A team of scientists from the USA and Germany has recently studied the evolution of severe acute respiratory syndrome coronavirus 2 (SARS-CoV-2) in a representative set of sequences from the USA collected between 2020 and 2021. The findings reveal that the viral genome has accumulated multiple mutations over time with only occasional loss of mutation. The main driving forces behind such genetic variations include widespread infection and superspreader events. The study is currently available on the bioRxiv* preprint server.

Background
Within one year of its emergence, SARS-CoV-2, the causative pathogen of coronavirus disease 2019 (COVID-19), has infected 110 million people and claimed 2.4 million lives globally. SARS-CoV-2 is a single-stranded, positive-sense, enveloped virus of the Coronaviridae family. Among various proteins present on the viral envelope, the spike glycoprotein is the most immunogenic component because of its direct involvement in the viral recognition and entry processes. Any alteration in the amino acid sequences of the viral open reading frames (ORFs), which encode essential viral proteins, can lead to the development of new viral variants. Compared to other RNA viruses, mutations occur less frequently in SARS-CoV-2 because of the presence of 3’-5’ exoribonuclease proofreading ability. However, evidence suggests that most of the single nucleotide substitutions observed in SARS-CoV-2 are likely caused by RNA editing deaminases, which generally target adenine and cytosine bases to cause transition mutations. In addition, several recombination mutations via template strand switching have been documented in SARS-CoV-2.
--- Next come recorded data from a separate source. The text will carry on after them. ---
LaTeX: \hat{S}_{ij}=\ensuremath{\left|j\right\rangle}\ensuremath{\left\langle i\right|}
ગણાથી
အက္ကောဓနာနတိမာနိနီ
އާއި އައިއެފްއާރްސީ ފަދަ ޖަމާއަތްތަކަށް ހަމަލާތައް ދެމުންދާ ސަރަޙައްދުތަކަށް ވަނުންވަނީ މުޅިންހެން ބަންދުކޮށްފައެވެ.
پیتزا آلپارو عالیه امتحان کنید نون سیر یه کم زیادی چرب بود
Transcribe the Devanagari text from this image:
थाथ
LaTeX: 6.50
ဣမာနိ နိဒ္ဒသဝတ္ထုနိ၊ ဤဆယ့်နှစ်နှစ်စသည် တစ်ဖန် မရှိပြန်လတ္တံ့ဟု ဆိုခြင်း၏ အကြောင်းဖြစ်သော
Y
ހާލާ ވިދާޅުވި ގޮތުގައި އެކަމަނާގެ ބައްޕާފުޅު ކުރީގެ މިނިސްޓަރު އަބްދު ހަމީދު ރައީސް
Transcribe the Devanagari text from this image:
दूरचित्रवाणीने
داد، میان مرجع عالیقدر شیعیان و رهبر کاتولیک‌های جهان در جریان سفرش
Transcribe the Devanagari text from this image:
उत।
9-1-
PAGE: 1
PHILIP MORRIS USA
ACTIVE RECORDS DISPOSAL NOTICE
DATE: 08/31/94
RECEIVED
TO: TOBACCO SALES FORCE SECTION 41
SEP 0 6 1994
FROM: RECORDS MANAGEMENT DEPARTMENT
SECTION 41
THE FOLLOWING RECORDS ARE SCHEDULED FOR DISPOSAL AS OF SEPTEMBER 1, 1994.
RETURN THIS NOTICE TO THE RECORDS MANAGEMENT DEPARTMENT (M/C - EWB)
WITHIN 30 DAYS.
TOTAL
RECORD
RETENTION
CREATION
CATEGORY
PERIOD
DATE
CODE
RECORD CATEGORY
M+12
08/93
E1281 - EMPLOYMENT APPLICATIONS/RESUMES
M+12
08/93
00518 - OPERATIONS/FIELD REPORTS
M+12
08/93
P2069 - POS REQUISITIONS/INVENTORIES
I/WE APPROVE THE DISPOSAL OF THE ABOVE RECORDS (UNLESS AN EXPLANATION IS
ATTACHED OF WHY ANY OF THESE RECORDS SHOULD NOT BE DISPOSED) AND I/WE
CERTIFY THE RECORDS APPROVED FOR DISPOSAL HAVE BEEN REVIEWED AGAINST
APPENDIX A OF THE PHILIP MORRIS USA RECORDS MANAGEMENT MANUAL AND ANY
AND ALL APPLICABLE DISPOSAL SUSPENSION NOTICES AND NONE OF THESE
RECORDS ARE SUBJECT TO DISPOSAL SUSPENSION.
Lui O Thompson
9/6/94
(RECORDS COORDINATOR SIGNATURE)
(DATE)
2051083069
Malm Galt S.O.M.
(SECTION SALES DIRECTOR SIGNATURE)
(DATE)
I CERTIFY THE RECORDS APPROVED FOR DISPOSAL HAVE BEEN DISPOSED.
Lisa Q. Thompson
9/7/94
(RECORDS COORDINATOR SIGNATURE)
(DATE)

In the current study, the scientists have investigated the incidence of SARS-CoV-2 mutations that appeared during 2020 in the United States and derived a set of mutational signatures representing distinct viral variants. Based on the mutational signatures, they have aimed to identify new variants or new mutations in previous variants that have been introduced from different regions worldwide. They have studied a representative set of sequences that cover the entire SARS-CoV-2 genome in the United States.
Important observations
For the analysis, the scientists collected more than 8000 full-length SARS-CoV-2 sequences from COVID-19 patients between January 2020 and January 2021. They identified multiple distinct SARS-CoV-2 variants, including the original Wuhan strain and its subvariants carrying minor mutations; and two varieties of the European strain with D614G mutation. The European strain rapidly acquired multiple mutations that ultimately resulted in a new homegrown dominant variant, s48. They observed that instead of a recombination event, these mutations actually resulted from the acquisition of single nucleotide substitutions that rapidly increased in frequency due to superspreader events.
Importantly, they observed that the major USA variants accumulated an increasing number of mutations over time, indicating the fact that the emergence of novel mutations can increase with uncontrolled viral transmission and that the newly emerged variants may influence the effectiveness of therapeutics antibodies and vaccines. Specifically, they observed that during 2020, more than 20 amino acid substitution mutations occurred in the spike protein, and many of these mutations are still remaining in the population at a low frequency. This indicates that these substitution mutations are increasingly accumulating over time with a minimal loss from the population through genetic drift.